But 25 will make me feel better. :angel:

Ok I promise last number joke, let the thread return to what op intended.


----------



## Phil loves classical (Feb 8, 2017)

atsizat said:


> Life is meaningless to me. I live because I cannot end it. I just keep living with no reason.


There don't need to be a reason, bro. I've been through some close family tragedies, and figured in the end not to blame anyone, or anything, and just accept my lot. Trying to find the meaning of life is bound to failure, in my opinion. It's not even worth asking.
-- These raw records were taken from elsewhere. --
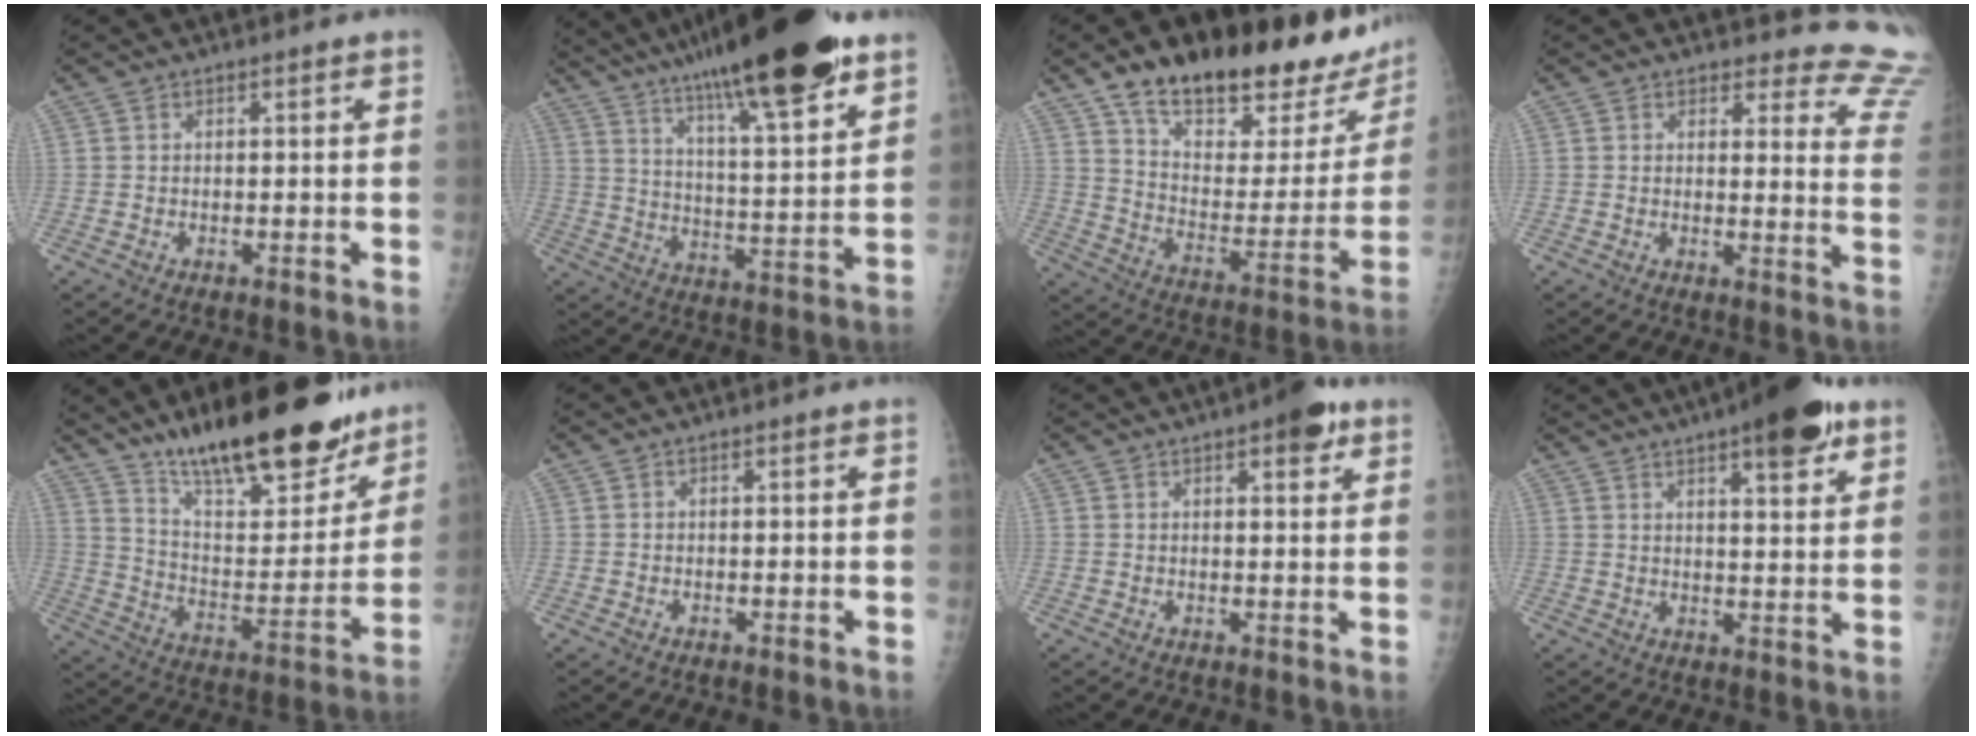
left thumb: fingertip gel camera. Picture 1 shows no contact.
{"total": 25.9, "force": [17.9, 4.2, 18.2], "torque": [-0.278, -0.049, 0.286]}
{"total": 30.2, "force": [20.3, 11.9, 19.0], "torque": [-0.244, -0.057, 0.300]}
{"total": 13.9, "force": [13.4, 3.4, 0.7], "torque": [0.054, -0.140, 0.103]}
{"total": 26.2, "force": [19.3, 8.4, 15.6], "torque": [-0.198, -0.091, 0.308]}
{"total": 0.0}
{"total": 6.1, "force": [3.4, 2.2, 4.6], "torque": [-0.043, -0.010, 0.038]}
{"total": 13.2, "force": [7.9, 3.8, 9.8], "torque": [-0.114, -0.029, 0.108]}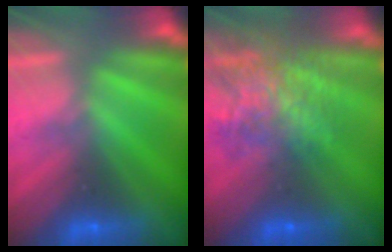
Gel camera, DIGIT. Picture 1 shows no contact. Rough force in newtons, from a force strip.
{"total": 9.4}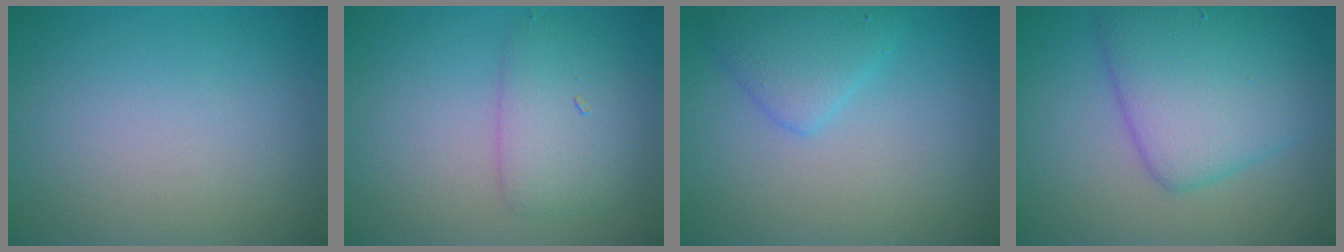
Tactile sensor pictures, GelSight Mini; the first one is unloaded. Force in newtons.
{"total": 3.4, "press": 3.4, "slide": 0.2}
{"total": 2.8, "press": 2.8, "slide": 0.2}
{"total": 6.5, "press": 6.5, "slide": 0.3}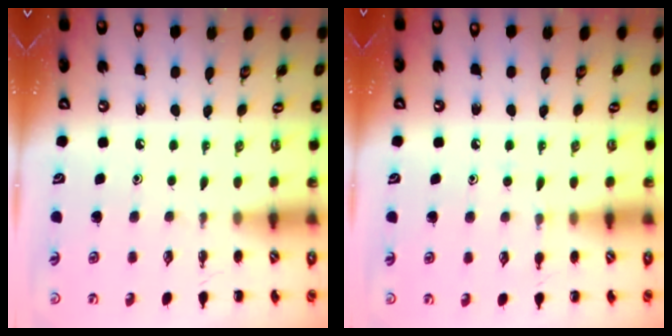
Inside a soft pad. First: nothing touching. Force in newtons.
{"total": 6.9, "press": 6.6, "slide": 2.0}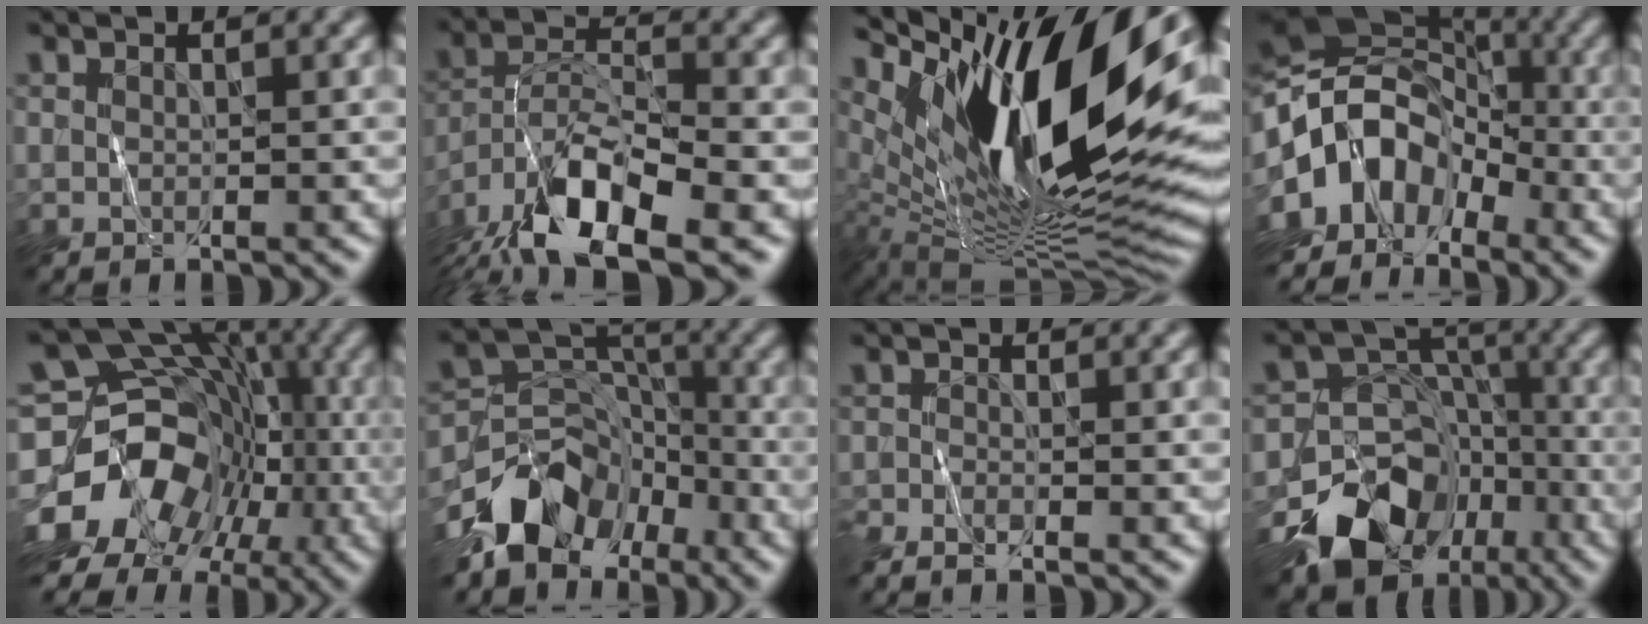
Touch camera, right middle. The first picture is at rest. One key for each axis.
{"total": 10.5, "fx": -7.0, "fy": 3.7, "fz": 6.8, "tx": -0.120, "ty": 0.002, "tz": -0.133}
{"total": 15.7, "fx": 4.9, "fy": 6.0, "fz": 13.7, "tx": -0.241, "ty": -0.005, "tz": 0.090}
{"total": 8.4, "fx": -4.0, "fy": 6.1, "fz": 4.2, "tx": -0.066, "ty": 0.012, "tz": -0.091}
{"total": 16.0, "fx": -6.5, "fy": 12.5, "fz": 7.5, "tx": -0.127, "ty": -0.002, "tz": -0.111}
{"total": 7.7, "fx": -5.7, "fy": 4.6, "fz": 2.4, "tx": -0.029, "ty": 0.003, "tz": -0.111}
{"total": 2.4, "fx": -2.2, "fy": 0.0, "fz": 1.0, "tx": -0.029, "ty": -0.007, "tz": -0.046}
{"total": 11.4, "fx": -7.0, "fy": 8.0, "fz": 4.0, "tx": -0.074, "ty": 0.002, "tz": -0.119}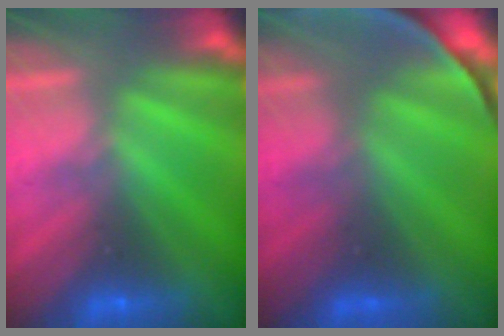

It might sound weird, but I live every day as if it's my last, and only make plans for later, in case it's not my last.


----------



## Richannes Wrahms (Jan 6, 2014)

I live for the high quality distractions of modern life. Otherwise, I often think life is horrible in its many aspects. Me being an anxious depressive person doesn't help. I also have vital impulses that transiently make me think life is great and colourful but then I realise all is a grand delusion on cruel reality to perpetuate a self replicating curse that happened to be concocted by chance on this planet.


----------



## TwoFlutesOneTrumpet (Aug 31, 2011)

atsizat said:


> Life is meaningless to me. I live because I cannot end it. I just keep living with no reason.


Life is meaningless by its nature. We need to find a way to be comfortable with that and enjoy its simple, meaningless pleasures.


----------



## Red Terror (Dec 10, 2018)

atsizat said:


> What is your reason to live?


You must have faith in something. Man cannot live without faith.


----------



## Phil loves classical (Feb 8, 2017)

Richannes Wrahms said:


> I live for the high quality distractions of modern life. Otherwise, I often think life is horrible in its many aspects. Me being an anxious depressive person doesn't help. I also have vital impulses that transiently make me think life is great and colourful but then I realise all is a grand delusion on cruel reality to perpetuate a self replicating curse that happened to be concocted by chance on this planet.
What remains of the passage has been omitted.